### [Prompt]
Do not include the pictures; repeat the rest of the data exactly.
*** Opening Task material ***
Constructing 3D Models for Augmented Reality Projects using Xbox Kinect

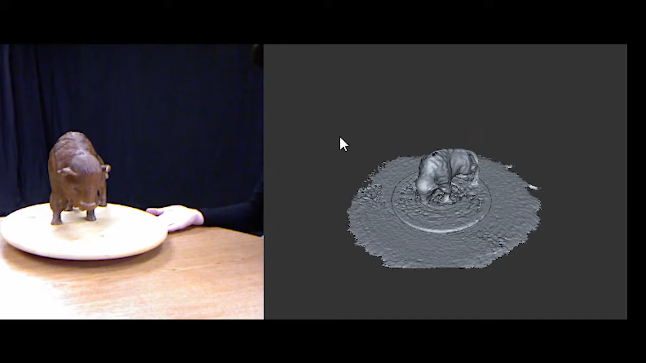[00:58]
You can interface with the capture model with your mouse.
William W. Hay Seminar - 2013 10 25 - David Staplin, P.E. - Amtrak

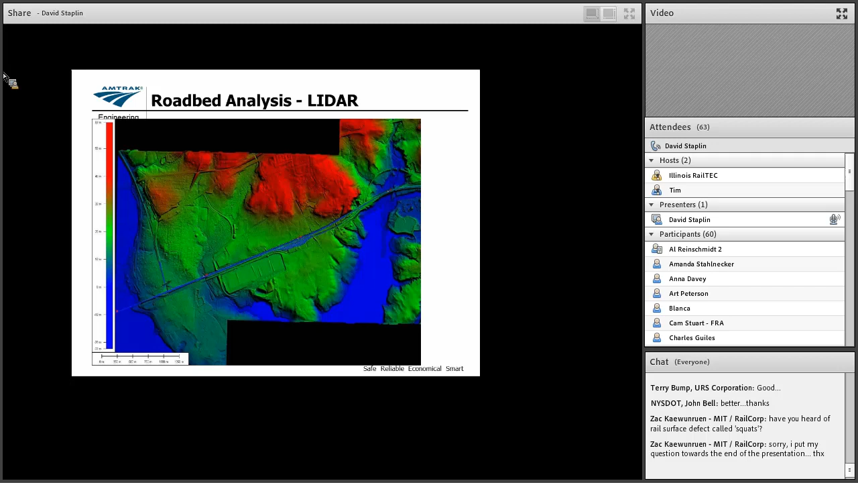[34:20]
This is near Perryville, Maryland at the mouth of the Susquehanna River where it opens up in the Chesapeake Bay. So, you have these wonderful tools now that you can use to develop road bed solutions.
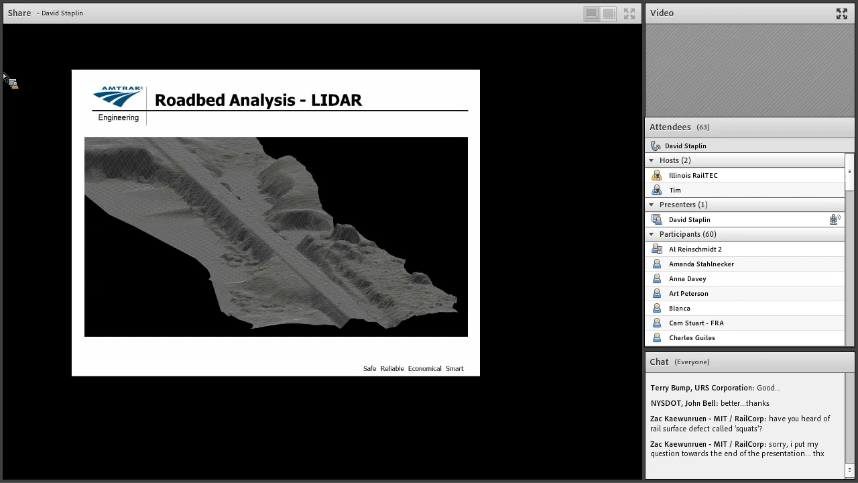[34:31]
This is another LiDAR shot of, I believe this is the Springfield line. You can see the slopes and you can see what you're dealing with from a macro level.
*** Closing Task material ***
### [Expected answer]
Constructing 3D Models for Augmented Reality Projects using Xbox Kinect

[00:58]
You can interface with the capture model with your mouse.
William W. Hay Seminar - 2013 10 25 - David Staplin, P.E. - Amtrak

[34:20]
This is near Perryville, Maryland at the mouth of the Susquehanna River where it opens up in the Chesapeake Bay. So, you have these wonderful tools now that you can use to develop road bed solutions.
[34:31]
This is another LiDAR shot of, I believe this is the Springfield line. You can see the slopes and you can see what you're dealing with from a macro level.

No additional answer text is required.